I have the following dataframe df
with datetime index.
open high low close DateTime 2016-02-04 01:00:00 1.10886 1.10887 1.10702 1.10747 2016-02-04 02:00:00 1.10746 1.10893 1.10695 1.10810 2016-02-04 03:00:00 1.10809 1.11403 1.10788 1.11326 2016-02-04 04:00:00 1.11327 1.11673 1.11306 1.11628 2016-02-04 05:00:00 1.11628 1.11835 1.11523 1.11815 2016-02-04 06:00:00 1.11813 1.11848 1.11653 1.11723 2016-02-04 07:00:00 1.11712 1.12020 1.11705 1.11941
I need to filter out the indexes where the following condition is met.
It’s written in mql4
code which is where I’m converting this from, so bear with me.
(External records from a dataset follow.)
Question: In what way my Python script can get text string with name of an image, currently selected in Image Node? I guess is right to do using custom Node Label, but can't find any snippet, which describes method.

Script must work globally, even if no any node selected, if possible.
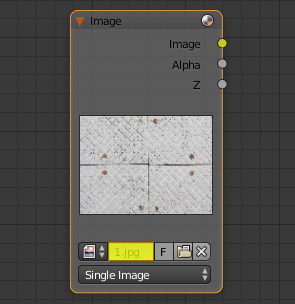
Answer: Hope this helps you out:
'''
nodes = material_slot.material.node_tree.nodes
texture_node = nodes.get('Image Texture')
if texture_node is None:
texture_node = nodes.new(type='ShaderNodeTexImage')
#texture_node.image = image
# Get the image name
texture_name = texture_node.image.name
# Set the node name / label to image name
texture_node.name = texture_name
texture_node.label = texture_name
'''
if you want to get an existing node but you have multiple Texture Nodes, you could probably iterate trough all nodes and find all nodes of type "TEX_IMAGE" and set the name
EDIT:
I have seen you just added a picture, and you are not working with textures, sorry about that
Same principle as above goes for Image nodes though
'''
bpy.data.scenes['Scene'].node_tree.nodes['Image'].image.name
'''

Using numbers as indexes so the bar2Open == 'open'
is the value in the second row prior to the current one and bar1Low == 'low'
is the value of the previous row:
double buffer = 10; double a = (bar2Open < bar2Close) ? bar1Low : bar1High; double b = (bar2Open < bar2Close) ? bar3High : bar3Low; if(abs(a-b) >= buffer) { do something; }
I’d like to do this with some form of itertuples()
but I’m not sure how to access previous rows values in different columns. Output can also be in the form of another column that just gives 1 if the condition is met, 0 otherwise.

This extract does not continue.